■ WHAT YOU NEED TO DO:
A word-for-word copy is needed of the line containing "An aerial image." and every line after it through the end of the records below, leaving out all pictures.

■ DATA RECORDS:
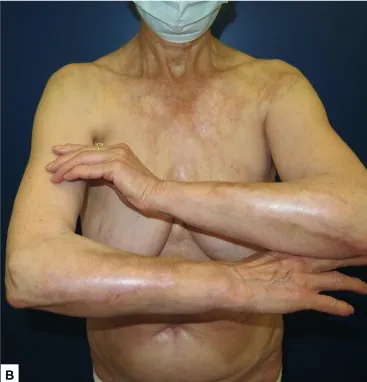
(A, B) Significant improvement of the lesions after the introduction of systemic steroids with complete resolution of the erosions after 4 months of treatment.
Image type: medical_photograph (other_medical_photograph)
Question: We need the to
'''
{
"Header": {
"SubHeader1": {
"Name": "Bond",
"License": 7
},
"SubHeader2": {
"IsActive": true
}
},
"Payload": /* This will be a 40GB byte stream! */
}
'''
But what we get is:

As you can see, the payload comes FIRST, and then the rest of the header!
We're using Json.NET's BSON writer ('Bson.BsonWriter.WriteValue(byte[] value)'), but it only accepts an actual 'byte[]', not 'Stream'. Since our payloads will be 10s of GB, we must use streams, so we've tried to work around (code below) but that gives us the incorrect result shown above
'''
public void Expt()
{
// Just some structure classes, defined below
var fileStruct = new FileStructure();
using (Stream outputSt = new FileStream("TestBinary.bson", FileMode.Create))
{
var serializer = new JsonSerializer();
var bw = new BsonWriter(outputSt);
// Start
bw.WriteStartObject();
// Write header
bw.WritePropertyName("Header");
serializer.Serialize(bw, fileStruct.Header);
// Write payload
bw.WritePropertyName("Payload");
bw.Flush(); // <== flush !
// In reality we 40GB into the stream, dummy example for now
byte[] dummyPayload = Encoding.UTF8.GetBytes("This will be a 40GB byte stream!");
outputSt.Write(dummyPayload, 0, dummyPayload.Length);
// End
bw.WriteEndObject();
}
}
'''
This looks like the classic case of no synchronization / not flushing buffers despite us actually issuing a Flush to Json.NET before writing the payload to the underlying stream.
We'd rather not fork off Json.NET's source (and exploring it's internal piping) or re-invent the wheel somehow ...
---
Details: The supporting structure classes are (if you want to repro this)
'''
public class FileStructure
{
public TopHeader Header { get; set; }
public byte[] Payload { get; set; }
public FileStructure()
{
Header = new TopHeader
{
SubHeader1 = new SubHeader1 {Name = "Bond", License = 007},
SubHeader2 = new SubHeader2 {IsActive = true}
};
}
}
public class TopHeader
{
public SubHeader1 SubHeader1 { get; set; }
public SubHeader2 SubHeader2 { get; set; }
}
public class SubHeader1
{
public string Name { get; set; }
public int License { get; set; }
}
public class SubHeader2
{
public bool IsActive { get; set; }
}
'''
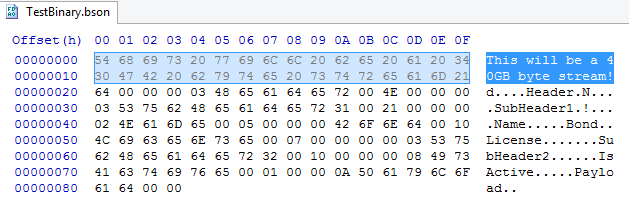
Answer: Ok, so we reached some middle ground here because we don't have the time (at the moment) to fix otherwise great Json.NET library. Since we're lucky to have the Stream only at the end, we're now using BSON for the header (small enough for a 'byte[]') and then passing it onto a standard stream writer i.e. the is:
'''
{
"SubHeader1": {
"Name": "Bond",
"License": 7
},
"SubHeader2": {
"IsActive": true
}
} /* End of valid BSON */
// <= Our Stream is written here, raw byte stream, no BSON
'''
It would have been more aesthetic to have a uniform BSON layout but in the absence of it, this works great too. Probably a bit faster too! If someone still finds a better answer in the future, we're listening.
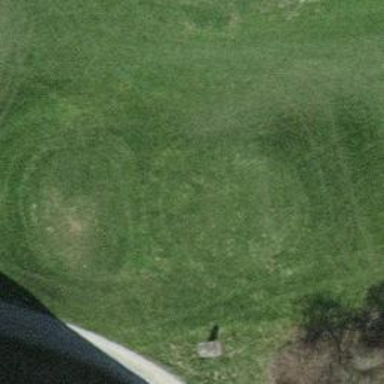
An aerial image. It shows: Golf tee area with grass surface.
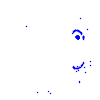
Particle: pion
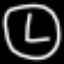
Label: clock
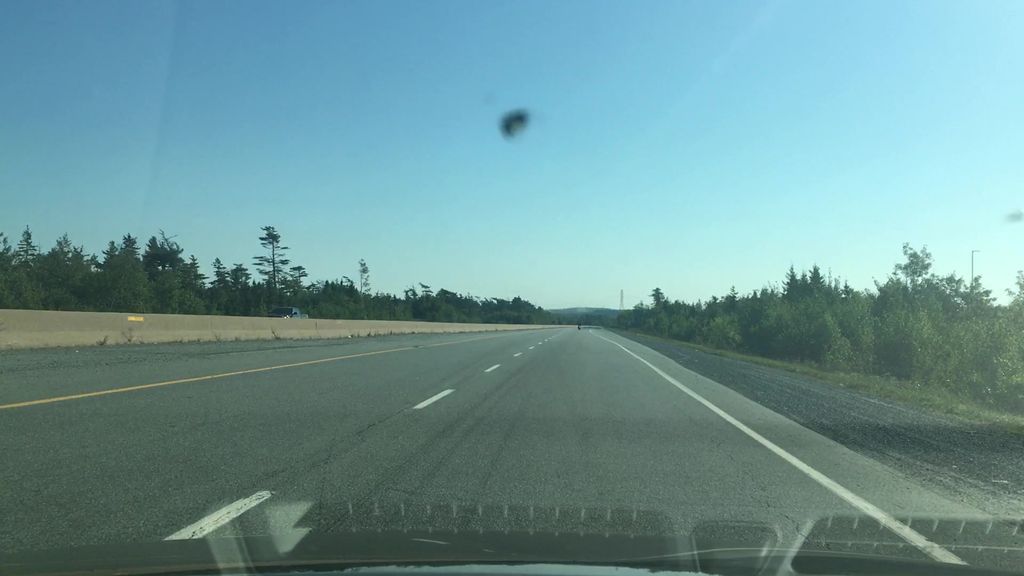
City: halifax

■ ANSWER TO THIS EXERCISE:
An aerial image. It shows: Golf tee area with grass surface.
Particle: pion
Label: clock
City: halifax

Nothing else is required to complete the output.